After generating summaries with incremental updating or hierarchical merging, we create a json file with a dictionary that maps book names to their final summaries. If the input file is `summaries.json`, then the extracted final summaries will be saved to `summaries_cleaned.json`.

```
python -m booookscore.postprocess --input_path {input_path} 
    --model {model} --api {api} --api_key {api_key}
```

- `--input_path`: the path to the chunked data (pickle file)
- `--model` (optional): which model to use if you want a LLM to remove summary artifacts
- `--api` (optional): which API to use, currently supports `openai`, `anthropic`, `together`
- `--api_key` (optional): the path to the txt file storing your OpenAI API key
- `--remove_artifacts` (optional): if specified, it will ask a language model remove artifacts from merging (must also specify `model` and `api_key` in this case)

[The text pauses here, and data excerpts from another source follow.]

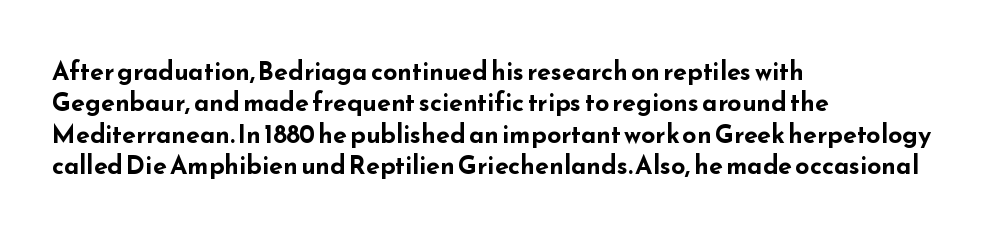
{"italic": "no", "bold": "yes", "underline": "no", "align": "left", "line_spacing": "normal", "line_spacing_ratio": 1.26, "letter_spacing": "normal", "letter_spacing_em": 0.0, "glyph_px": 25}
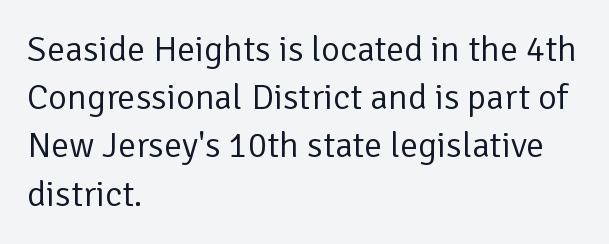
The image shows 36 px regular-weight sans-serif type, upright; set left-aligned, normal line spacing (1.34x), normal letter spacing, not underlined; low stroke contrast and a medium x-height.
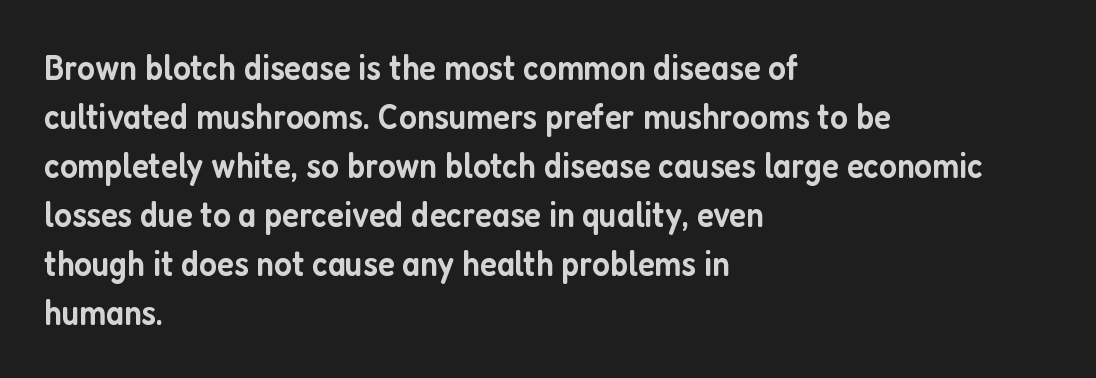
Q: Is the text bold? A: Semi-bold.
Q: Is the text italic (slanted)? A: No, it is upright.
Q: Is the typeface a serif or a sans-serif typeface? A: Sans-serif.
Q: Is the text underlined? A: No.
Q: How is the paragraph aligned? A: Left-aligned.
Q: Is the spacing between letters normal or unusually wide? A: Normal.
Q: Is the spacing between lines tight, normal or loose? A: Normal.
Q: Width (condensed, normal, or wide)? A: Condensed.
Q: Stroke contrast? A: Low.
Q: x-height? A: Medium.
Q: Monospaced? A: No.
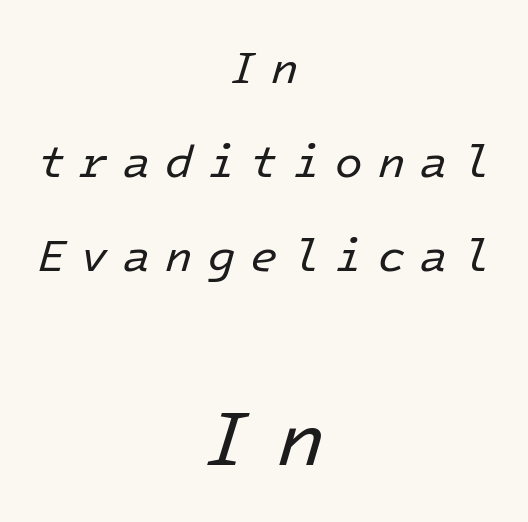
Each row of text sits above clean, open space. Unbolded letterforms with no extra heft. The space between consecutive lines is lavish. You get the small type first, then a jump to larger type. There is plenty of visible air inserted between adjacent glyphs.

Example usage (without artifact removal):

```
python -m booookscore.postprocess --input_path summaries.json
```

Example usage (with artifact removal):

```
python -m booookscore.postprocess --input_path summaries.json --model gpt-4 
    --api openai --api_key api_key.txt --remove_artifacts
```

## Compute BooookScore

```
python -m booookscore.score --summ_path {summ_path} --annot_path {annot_path} 
    --model {model} --api {api} --api_key {api_key}
```

The input summaries must be stored in a json file that maps from book names to final book summaries.

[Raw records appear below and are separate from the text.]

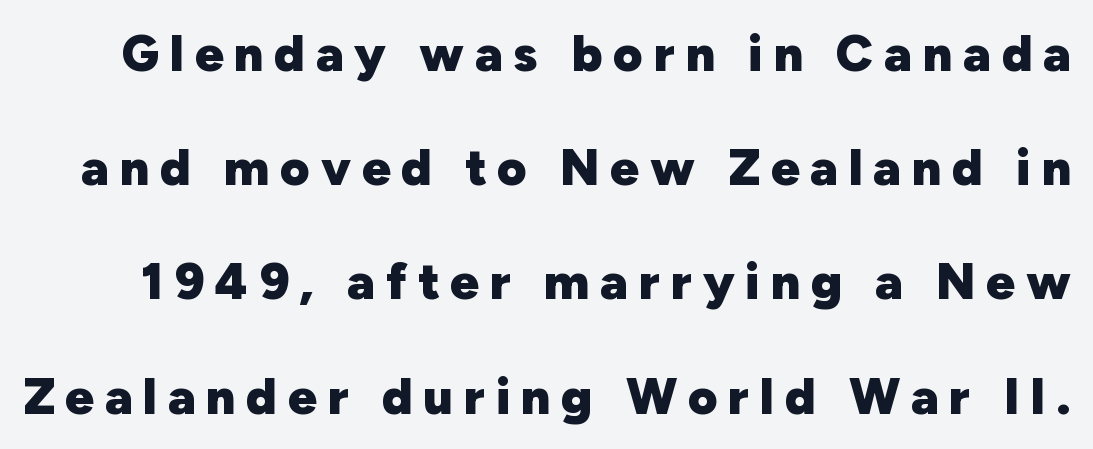
{"serif": "no", "italic": "no", "bold": "yes", "weight": "heavy", "width": "normal", "stroke_contrast": "low", "x_height": "medium", "monospaced": "no", "underline": "no", "line_spacing": "loose", "line_spacing_ratio": 2.24, "letter_spacing": "wide", "letter_spacing_em": 0.21, "glyph_px": 51}
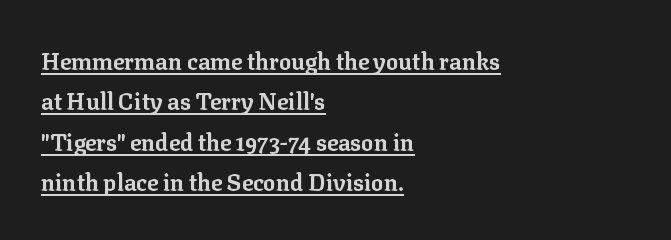
{"italic": "no", "bold": "yes", "underline": "yes", "align": "left", "line_spacing_ratio": 1.76, "letter_spacing": "normal", "letter_spacing_em": 0.0, "glyph_px": 23}
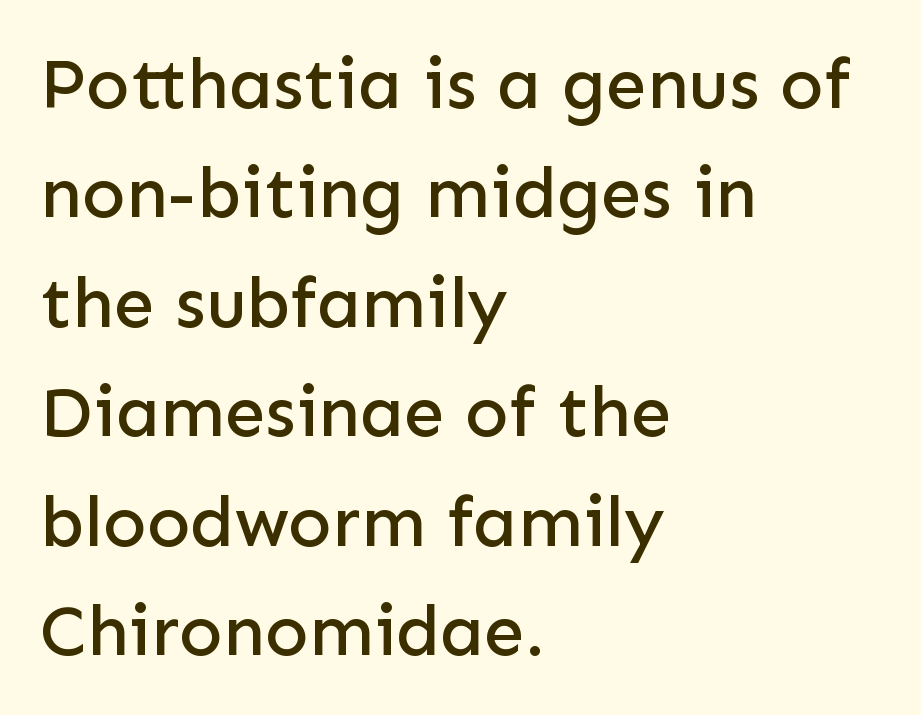
Q: Is the text italic (slanted)? A: No, it is upright.
Q: Is the typeface a serif or a sans-serif typeface? A: Sans-serif.
Q: Is the text underlined? A: No.
Q: How is the paragraph aligned? A: Left-aligned.
Q: Is the spacing between letters normal or unusually wide? A: Normal.
Q: Is the spacing between lines tight, normal or loose? A: Normal.
Q: Width (condensed, normal, or wide)? A: Normal.
Q: Stroke contrast? A: Low.
Q: x-height? A: Medium.
Q: Monospaced? A: No.

- `--summ_path`: the path to all summaries (must specify if there are no annotations yet)
- `--annot_path`: the path to model-generated annotations
- `--model`: which model to use
- `--api`: which API to use, currently supports `openai`, `anthropic`, `together`
- `--api_key`: the path to the txt file storing your API key
- `--v2` (optional): if specified, it will generate annotations using v2 code and prompt, which uses sentence batching instead of evaluating sentence by sentence (contributed by [@IlyaGusev](https://github.com/IlyaGusev)!)
- `--batch_size` (optional): batch size to use if using v2

Example usage (original BooookScore):

```
python -m booookscore.score --summ_path summaries/chatgpt-2048-hier-cleaned.json 
    --annot_path annotations.json --model gpt-4 
    --api openai --api_key api_key.txt
```

Example usage (v2 BooookScore with sentence batching):

```
python -m booookscore.score --summ_path summaries/chatgpt-2048-hier-cleaned.json 
    --annot_path annotations.json --model gpt-4 --api openai 
    --api_key api_key.txt --v2 --batch_size 10
```

# ✅ TODO's for future versions

- Rework the data structure used for hierarchical summaries, it would be best to maintain a mapping between summaries that are one level apart.
- Improve checkpoint for hierarchical merging, currently it only saves outputs when it gets through the whole book.